**Activity:**
Without including any images, repeat the data exactly.

[Stored data]
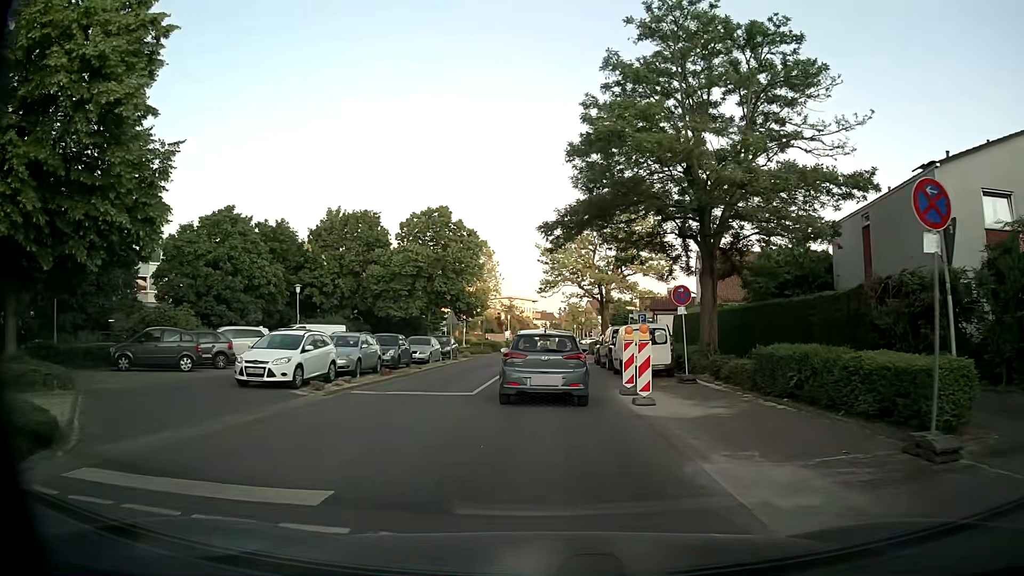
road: tertiary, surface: asphalt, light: Day
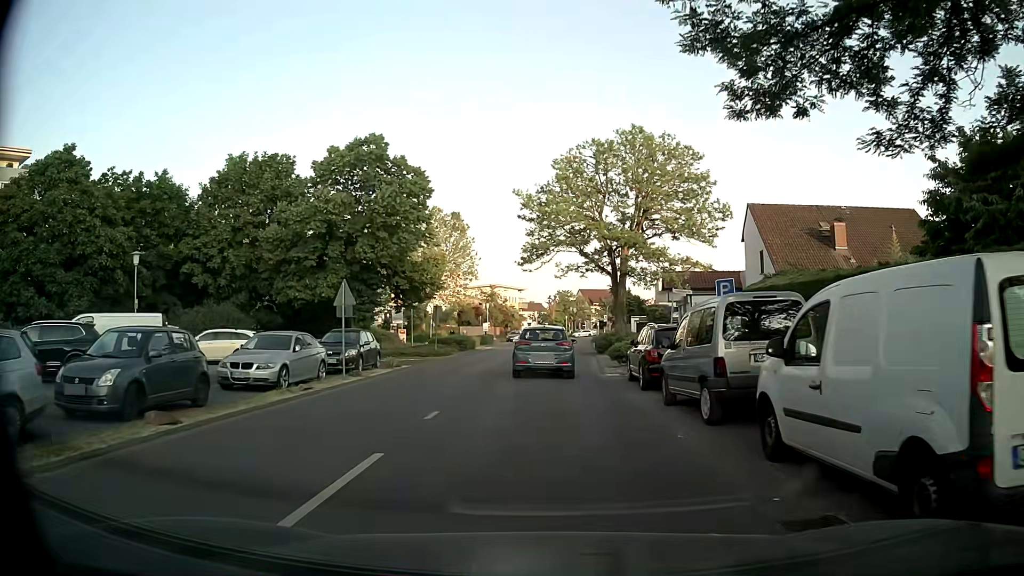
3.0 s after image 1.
(0.0, +18.7) m; 0°
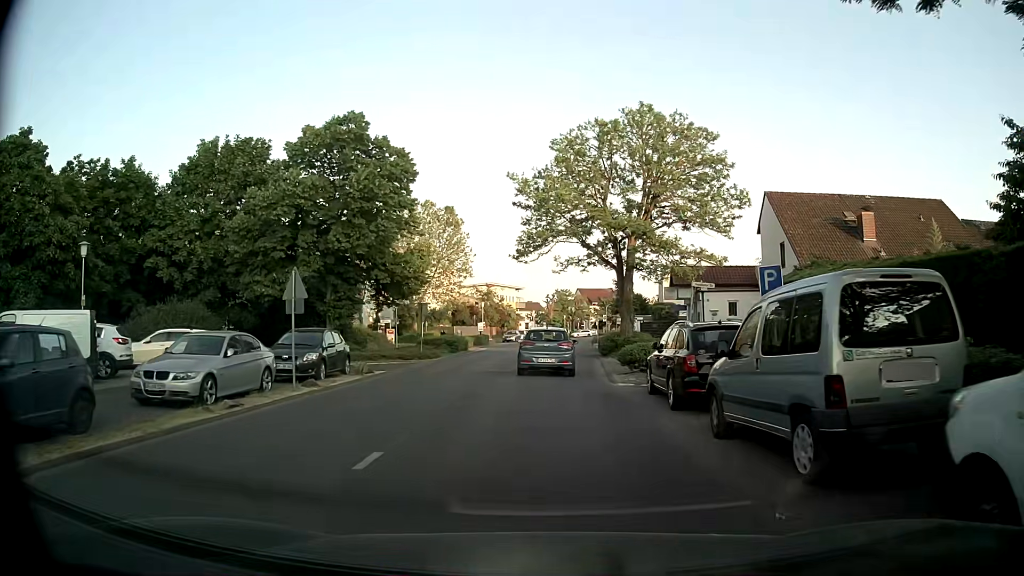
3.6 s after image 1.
(0.0, +3.8) m; +1°
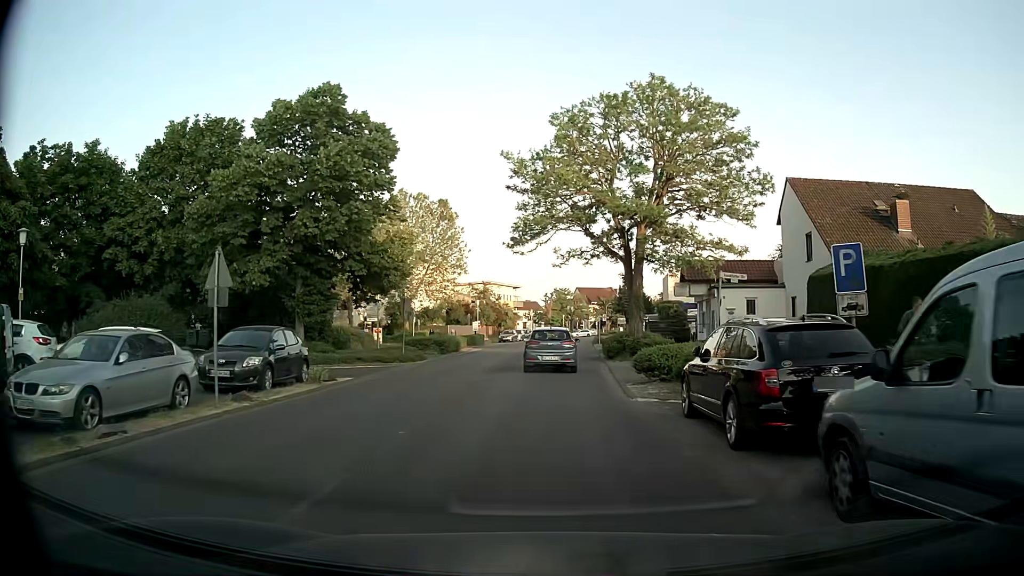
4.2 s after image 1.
(-0.1, +3.9) m; -1°
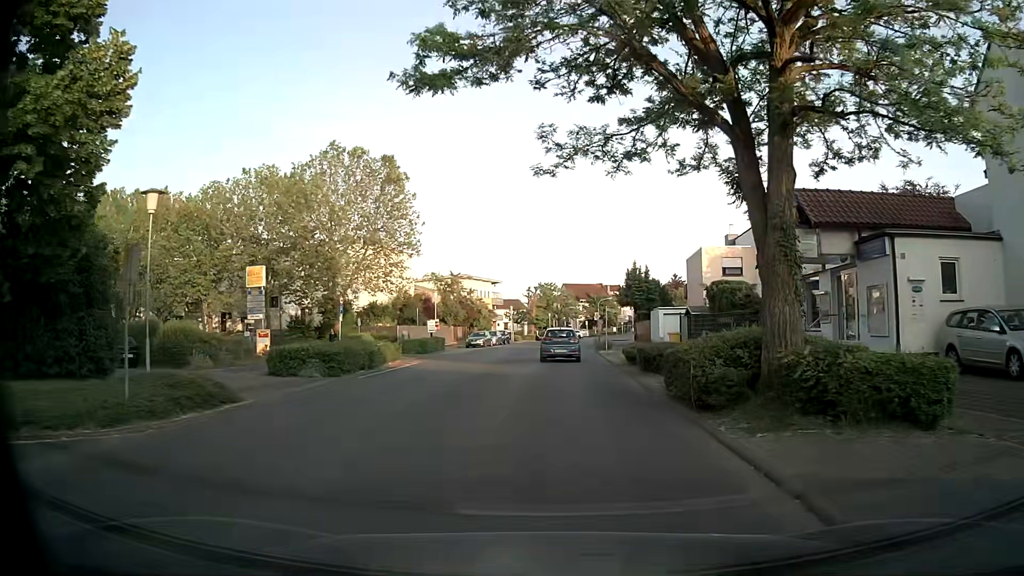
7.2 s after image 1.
(+0.2, +19.9) m; +1°
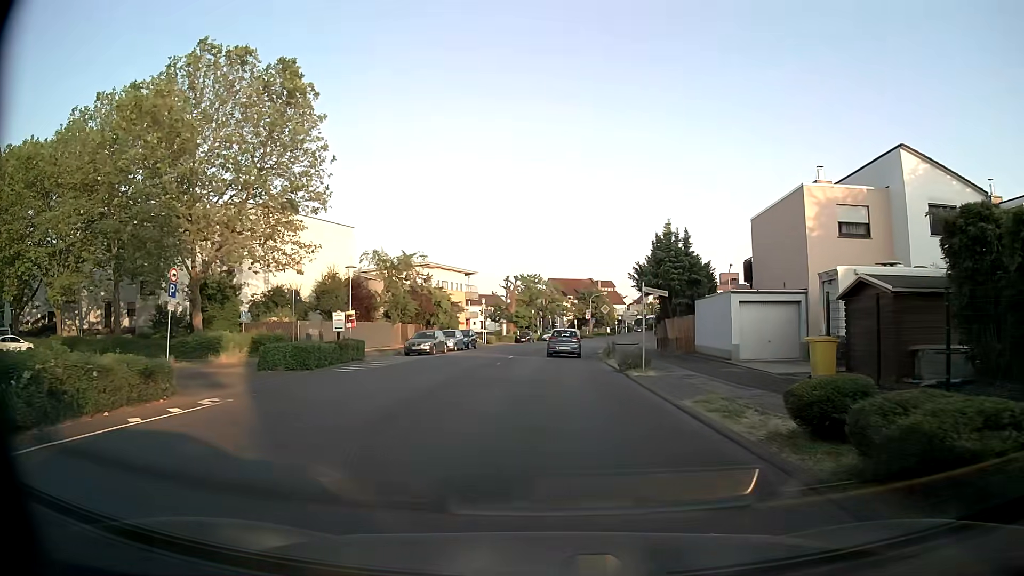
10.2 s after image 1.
(+0.5, +21.0) m; +2°
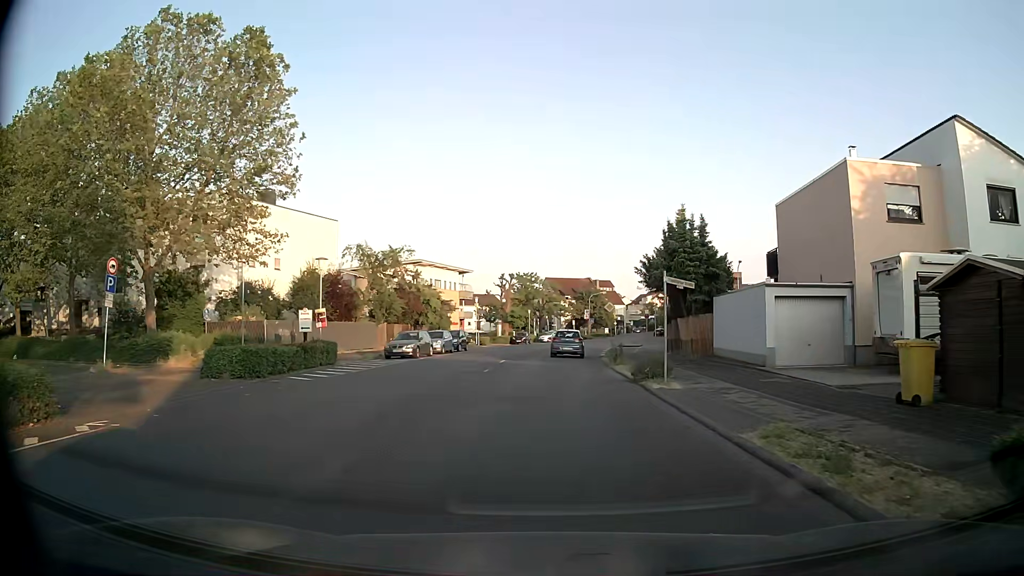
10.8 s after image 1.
(0.0, +4.3) m; 0°
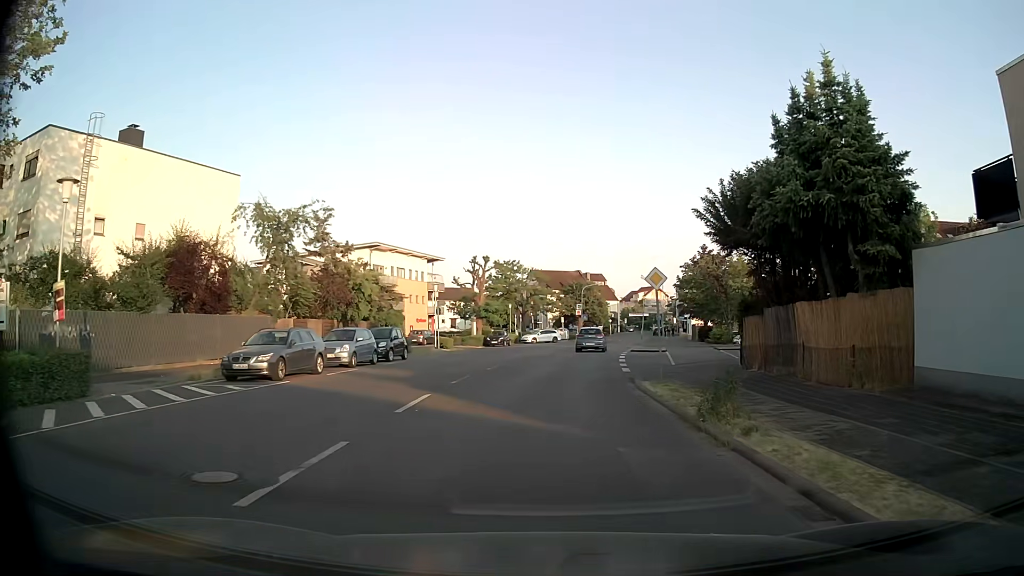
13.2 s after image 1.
(+0.1, +17.7) m; +1°
(0, +10) (+1, +20) (+2, +30) (+3, +40) (+5, +50) (+7, +59) (+9, +69) (+11, +79) (+13, +89) (+14, +99) m

**Your solution:**
road: tertiary, surface: asphalt, light: Day
3.0 s after image 1.
(0.0, +18.7) m; 0°
3.6 s after image 1.
(0.0, +3.8) m; +1°
4.2 s after image 1.
(-0.1, +3.9) m; -1°
7.2 s after image 1.
(+0.2, +19.9) m; +1°
10.2 s after image 1.
(+0.5, +21.0) m; +2°
10.8 s after image 1.
(0.0, +4.3) m; 0°
13.2 s after image 1.
(+0.1, +17.7) m; +1°
(0, +10) (+1, +20) (+2, +30) (+3, +40) (+5, +50) (+7, +59) (+9, +69) (+11, +79) (+13, +89) (+14, +99) m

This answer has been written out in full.